### SOURCE DATA
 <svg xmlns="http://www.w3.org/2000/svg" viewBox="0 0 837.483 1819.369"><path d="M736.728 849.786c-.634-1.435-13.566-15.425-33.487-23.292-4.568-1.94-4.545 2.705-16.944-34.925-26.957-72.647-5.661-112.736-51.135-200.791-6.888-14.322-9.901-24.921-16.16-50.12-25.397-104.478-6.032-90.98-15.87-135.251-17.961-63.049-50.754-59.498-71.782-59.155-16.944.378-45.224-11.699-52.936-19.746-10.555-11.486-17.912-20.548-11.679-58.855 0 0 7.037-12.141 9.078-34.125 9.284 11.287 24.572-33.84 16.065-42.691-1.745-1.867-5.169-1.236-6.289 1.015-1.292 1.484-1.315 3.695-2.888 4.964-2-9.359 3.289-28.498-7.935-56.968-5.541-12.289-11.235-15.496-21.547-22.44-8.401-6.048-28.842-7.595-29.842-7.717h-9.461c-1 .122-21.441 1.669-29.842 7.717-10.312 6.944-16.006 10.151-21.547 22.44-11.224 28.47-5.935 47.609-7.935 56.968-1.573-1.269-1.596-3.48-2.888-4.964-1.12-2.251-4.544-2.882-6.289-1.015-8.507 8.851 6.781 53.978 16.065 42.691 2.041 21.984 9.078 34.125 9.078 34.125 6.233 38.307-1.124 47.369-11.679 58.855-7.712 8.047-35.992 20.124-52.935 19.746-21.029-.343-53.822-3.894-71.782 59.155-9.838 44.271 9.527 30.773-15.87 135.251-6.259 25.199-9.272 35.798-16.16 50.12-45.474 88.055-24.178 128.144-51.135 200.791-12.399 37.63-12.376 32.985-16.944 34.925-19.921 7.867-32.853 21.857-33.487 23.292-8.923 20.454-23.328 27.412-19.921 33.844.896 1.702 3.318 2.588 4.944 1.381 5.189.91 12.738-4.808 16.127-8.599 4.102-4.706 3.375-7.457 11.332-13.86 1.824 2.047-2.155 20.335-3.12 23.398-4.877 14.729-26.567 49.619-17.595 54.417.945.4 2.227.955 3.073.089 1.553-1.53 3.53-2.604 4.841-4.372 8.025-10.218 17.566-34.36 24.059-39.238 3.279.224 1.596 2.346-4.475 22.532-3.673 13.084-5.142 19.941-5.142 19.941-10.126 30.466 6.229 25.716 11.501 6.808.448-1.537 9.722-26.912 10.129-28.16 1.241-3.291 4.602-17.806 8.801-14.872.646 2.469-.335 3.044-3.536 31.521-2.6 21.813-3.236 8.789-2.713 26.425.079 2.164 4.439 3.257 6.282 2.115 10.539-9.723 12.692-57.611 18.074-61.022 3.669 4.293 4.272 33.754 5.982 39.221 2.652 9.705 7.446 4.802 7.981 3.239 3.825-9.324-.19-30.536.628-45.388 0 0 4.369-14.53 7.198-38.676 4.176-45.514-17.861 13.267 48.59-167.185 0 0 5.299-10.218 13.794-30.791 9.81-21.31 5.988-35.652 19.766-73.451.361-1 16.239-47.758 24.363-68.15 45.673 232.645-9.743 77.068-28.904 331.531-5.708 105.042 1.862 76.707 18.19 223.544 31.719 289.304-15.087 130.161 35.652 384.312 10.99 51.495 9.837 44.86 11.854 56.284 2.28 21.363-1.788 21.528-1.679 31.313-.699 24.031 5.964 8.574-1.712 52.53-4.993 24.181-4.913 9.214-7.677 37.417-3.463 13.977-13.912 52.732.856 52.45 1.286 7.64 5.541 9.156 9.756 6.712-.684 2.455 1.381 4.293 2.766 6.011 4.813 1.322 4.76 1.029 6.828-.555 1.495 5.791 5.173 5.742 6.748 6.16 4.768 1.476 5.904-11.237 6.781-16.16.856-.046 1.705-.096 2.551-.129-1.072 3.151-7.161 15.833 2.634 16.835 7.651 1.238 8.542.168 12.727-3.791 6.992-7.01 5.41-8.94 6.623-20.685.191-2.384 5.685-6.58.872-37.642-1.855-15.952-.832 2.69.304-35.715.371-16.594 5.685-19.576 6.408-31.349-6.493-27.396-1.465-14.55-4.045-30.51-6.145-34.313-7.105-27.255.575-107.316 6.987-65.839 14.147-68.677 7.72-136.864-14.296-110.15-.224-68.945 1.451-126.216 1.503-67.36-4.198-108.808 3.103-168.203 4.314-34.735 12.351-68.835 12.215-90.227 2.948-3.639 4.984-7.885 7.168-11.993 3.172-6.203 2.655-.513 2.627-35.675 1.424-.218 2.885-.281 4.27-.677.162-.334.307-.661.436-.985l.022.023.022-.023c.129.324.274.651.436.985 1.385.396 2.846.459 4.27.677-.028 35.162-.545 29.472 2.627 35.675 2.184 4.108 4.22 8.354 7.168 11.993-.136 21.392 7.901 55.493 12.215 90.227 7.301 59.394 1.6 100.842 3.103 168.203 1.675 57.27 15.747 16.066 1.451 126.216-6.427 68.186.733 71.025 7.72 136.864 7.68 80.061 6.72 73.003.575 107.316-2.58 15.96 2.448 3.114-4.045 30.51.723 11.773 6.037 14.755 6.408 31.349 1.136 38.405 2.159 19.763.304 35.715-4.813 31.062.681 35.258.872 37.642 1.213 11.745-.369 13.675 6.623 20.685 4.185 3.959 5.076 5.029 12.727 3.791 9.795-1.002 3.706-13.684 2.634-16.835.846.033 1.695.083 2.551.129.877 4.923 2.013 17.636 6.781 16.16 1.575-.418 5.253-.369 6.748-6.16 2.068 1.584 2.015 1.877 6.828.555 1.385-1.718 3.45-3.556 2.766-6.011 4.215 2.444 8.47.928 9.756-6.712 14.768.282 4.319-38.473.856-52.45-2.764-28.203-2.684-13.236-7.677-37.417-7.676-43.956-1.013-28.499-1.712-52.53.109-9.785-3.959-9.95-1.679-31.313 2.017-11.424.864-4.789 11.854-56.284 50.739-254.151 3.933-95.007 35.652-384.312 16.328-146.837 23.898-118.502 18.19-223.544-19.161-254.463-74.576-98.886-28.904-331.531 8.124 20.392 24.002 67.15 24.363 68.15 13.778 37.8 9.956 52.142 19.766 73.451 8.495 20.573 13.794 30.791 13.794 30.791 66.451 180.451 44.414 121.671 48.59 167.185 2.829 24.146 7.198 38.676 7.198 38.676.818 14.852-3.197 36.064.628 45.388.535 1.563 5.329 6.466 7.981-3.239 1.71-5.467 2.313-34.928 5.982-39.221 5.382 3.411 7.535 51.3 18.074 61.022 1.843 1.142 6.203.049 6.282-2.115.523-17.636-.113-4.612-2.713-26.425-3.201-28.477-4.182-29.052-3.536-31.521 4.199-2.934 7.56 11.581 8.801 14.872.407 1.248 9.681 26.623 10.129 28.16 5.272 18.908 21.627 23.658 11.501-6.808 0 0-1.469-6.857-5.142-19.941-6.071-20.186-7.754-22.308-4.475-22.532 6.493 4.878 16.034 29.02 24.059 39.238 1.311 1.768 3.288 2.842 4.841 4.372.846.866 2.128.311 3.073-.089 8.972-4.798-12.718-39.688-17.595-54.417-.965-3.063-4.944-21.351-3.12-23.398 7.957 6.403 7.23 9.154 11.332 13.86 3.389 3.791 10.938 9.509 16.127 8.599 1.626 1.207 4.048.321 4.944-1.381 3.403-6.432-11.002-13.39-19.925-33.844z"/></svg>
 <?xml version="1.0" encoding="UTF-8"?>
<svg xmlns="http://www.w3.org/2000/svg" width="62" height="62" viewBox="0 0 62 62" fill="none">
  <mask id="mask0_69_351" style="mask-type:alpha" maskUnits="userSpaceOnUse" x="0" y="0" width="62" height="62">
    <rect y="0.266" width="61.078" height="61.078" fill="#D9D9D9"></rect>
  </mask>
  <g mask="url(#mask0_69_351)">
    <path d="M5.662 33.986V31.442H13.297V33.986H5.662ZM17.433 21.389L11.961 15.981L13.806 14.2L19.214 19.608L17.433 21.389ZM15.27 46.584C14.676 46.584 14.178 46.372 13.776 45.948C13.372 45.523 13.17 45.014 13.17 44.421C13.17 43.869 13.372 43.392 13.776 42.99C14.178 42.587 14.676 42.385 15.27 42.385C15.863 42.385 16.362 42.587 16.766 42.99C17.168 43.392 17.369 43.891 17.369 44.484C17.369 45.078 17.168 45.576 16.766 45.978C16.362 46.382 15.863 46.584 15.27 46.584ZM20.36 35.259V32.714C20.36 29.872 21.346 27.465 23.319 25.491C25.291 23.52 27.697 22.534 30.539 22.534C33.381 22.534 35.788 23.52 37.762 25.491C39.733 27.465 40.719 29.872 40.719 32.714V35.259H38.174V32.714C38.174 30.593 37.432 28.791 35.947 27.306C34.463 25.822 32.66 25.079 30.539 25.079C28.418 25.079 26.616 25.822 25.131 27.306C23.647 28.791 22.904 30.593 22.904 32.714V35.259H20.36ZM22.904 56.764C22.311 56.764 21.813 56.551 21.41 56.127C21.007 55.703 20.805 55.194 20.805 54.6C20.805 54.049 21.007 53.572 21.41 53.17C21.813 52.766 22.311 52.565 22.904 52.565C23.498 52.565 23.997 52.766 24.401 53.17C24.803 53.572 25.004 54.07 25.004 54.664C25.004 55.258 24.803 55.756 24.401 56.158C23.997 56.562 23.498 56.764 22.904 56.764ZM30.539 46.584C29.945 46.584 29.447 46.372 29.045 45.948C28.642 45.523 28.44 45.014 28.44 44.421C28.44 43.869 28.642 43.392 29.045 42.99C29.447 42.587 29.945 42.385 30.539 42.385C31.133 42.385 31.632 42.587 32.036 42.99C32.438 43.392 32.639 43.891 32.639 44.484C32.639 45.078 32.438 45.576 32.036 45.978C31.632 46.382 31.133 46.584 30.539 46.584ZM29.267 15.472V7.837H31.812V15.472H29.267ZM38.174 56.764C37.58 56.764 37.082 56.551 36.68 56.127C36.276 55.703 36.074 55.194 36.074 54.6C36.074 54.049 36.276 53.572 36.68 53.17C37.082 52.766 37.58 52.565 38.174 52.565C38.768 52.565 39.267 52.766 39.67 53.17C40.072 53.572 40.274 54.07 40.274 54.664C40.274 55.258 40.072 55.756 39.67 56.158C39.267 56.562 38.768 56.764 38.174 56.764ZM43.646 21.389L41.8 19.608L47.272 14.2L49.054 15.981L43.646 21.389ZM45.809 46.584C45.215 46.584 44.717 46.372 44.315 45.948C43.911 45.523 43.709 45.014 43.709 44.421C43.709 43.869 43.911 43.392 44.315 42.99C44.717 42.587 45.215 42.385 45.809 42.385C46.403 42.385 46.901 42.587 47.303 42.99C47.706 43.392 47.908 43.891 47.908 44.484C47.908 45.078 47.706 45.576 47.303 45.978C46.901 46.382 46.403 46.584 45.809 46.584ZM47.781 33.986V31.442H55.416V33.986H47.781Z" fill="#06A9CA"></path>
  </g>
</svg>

### WORK REQUEST
Copy out every line from the material above where the string "height" turns up.

### TASK RESPONSE
<svg xmlns="http://www.w3.org/2000/svg" width="62" height="62" viewBox="0 0 62 62" fill="none">
  <mask id="mask0_69_351" style="mask-type:alpha" maskUnits="userSpaceOnUse" x="0" y="0" width="62" height="62">
    <rect y="0.266" width="61.078" height="61.078" fill="#D9D9D9"></rect>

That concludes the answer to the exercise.